[DATA FOR PROCESSING Boundary: Start]

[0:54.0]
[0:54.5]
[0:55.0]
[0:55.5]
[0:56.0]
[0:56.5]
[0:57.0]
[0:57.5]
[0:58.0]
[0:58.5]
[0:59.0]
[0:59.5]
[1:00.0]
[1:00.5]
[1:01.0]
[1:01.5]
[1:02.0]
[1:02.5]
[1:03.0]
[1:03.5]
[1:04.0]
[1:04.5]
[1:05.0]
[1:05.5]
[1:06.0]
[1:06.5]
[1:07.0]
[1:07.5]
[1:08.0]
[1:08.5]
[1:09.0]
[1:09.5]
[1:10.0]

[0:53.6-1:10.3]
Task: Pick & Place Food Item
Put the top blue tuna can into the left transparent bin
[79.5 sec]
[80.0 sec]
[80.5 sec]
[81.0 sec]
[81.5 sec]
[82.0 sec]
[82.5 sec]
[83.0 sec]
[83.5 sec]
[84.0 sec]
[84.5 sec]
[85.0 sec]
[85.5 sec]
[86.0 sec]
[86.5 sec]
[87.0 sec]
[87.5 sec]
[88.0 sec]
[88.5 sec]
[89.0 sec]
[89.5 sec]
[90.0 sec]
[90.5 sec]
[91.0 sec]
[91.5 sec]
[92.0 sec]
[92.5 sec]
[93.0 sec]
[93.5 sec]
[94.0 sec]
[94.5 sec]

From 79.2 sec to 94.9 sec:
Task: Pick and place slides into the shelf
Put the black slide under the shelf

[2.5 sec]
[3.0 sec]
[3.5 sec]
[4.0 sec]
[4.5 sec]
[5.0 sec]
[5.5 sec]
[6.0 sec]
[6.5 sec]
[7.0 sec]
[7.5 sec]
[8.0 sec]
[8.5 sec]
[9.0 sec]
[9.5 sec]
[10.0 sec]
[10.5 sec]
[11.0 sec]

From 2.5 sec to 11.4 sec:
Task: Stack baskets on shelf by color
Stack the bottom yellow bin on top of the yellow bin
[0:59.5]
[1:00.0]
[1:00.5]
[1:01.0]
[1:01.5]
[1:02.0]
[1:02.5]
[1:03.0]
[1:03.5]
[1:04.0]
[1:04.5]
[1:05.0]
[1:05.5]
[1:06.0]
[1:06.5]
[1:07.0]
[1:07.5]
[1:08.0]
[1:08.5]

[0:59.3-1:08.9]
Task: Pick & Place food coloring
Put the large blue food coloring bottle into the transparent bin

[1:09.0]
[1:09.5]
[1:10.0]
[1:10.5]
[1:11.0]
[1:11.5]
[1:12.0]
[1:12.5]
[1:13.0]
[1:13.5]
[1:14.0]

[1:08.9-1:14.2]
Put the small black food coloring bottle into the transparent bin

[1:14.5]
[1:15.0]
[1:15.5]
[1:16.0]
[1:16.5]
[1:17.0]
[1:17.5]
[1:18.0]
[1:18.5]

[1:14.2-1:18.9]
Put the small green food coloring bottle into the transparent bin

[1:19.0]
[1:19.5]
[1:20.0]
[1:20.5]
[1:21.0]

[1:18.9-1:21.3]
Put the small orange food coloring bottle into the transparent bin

[DATA FOR PROCESSING Boundary: End]

_TASK OBJECTIVE:_
Restate each record word for word.

_ANSWER TO THE EXERCISE:_
[0:54.0]
[0:54.5]
[0:55.0]
[0:55.5]
[0:56.0]
[0:56.5]
[0:57.0]
[0:57.5]
[0:58.0]
[0:58.5]
[0:59.0]
[0:59.5]
[1:00.0]
[1:00.5]
[1:01.0]
[1:01.5]
[1:02.0]
[1:02.5]
[1:03.0]
[1:03.5]
[1:04.0]
[1:04.5]
[1:05.0]
[1:05.5]
[1:06.0]
[1:06.5]
[1:07.0]
[1:07.5]
[1:08.0]
[1:08.5]
[1:09.0]
[1:09.5]
[1:10.0]

[0:53.6-1:10.3]
Task: Pick & Place Food Item
Put the top blue tuna can into the left transparent bin
[79.5 sec]
[80.0 sec]
[80.5 sec]
[81.0 sec]
[81.5 sec]
[82.0 sec]
[82.5 sec]
[83.0 sec]
[83.5 sec]
[84.0 sec]
[84.5 sec]
[85.0 sec]
[85.5 sec]
[86.0 sec]
[86.5 sec]
[87.0 sec]
[87.5 sec]
[88.0 sec]
[88.5 sec]
[89.0 sec]
[89.5 sec]
[90.0 sec]
[90.5 sec]
[91.0 sec]
[91.5 sec]
[92.0 sec]
[92.5 sec]
[93.0 sec]
[93.5 sec]
[94.0 sec]
[94.5 sec]

From 79.2 sec to 94.9 sec:
Task: Pick and place slides into the shelf
Put the black slide under the shelf

[2.5 sec]
[3.0 sec]
[3.5 sec]
[4.0 sec]
[4.5 sec]
[5.0 sec]
[5.5 sec]
[6.0 sec]
[6.5 sec]
[7.0 sec]
[7.5 sec]
[8.0 sec]
[8.5 sec]
[9.0 sec]
[9.5 sec]
[10.0 sec]
[10.5 sec]
[11.0 sec]

From 2.5 sec to 11.4 sec:
Task: Stack baskets on shelf by color
Stack the bottom yellow bin on top of the yellow bin
[0:59.5]
[1:00.0]
[1:00.5]
[1:01.0]
[1:01.5]
[1:02.0]
[1:02.5]
[1:03.0]
[1:03.5]
[1:04.0]
[1:04.5]
[1:05.0]
[1:05.5]
[1:06.0]
[1:06.5]
[1:07.0]
[1:07.5]
[1:08.0]
[1:08.5]

[0:59.3-1:08.9]
Task: Pick & Place food coloring
Put the large blue food coloring bottle into the transparent bin

[1:09.0]
[1:09.5]
[1:10.0]
[1:10.5]
[1:11.0]
[1:11.5]
[1:12.0]
[1:12.5]
[1:13.0]
[1:13.5]
[1:14.0]

[1:08.9-1:14.2]
Put the small black food coloring bottle into the transparent bin

[1:14.5]
[1:15.0]
[1:15.5]
[1:16.0]
[1:16.5]
[1:17.0]
[1:17.5]
[1:18.0]
[1:18.5]

[1:14.2-1:18.9]
Put the small green food coloring bottle into the transparent bin

[1:19.0]
[1:19.5]
[1:20.0]
[1:20.5]
[1:21.0]

[1:18.9-1:21.3]
Put the small orange food coloring bottle into the transparent bin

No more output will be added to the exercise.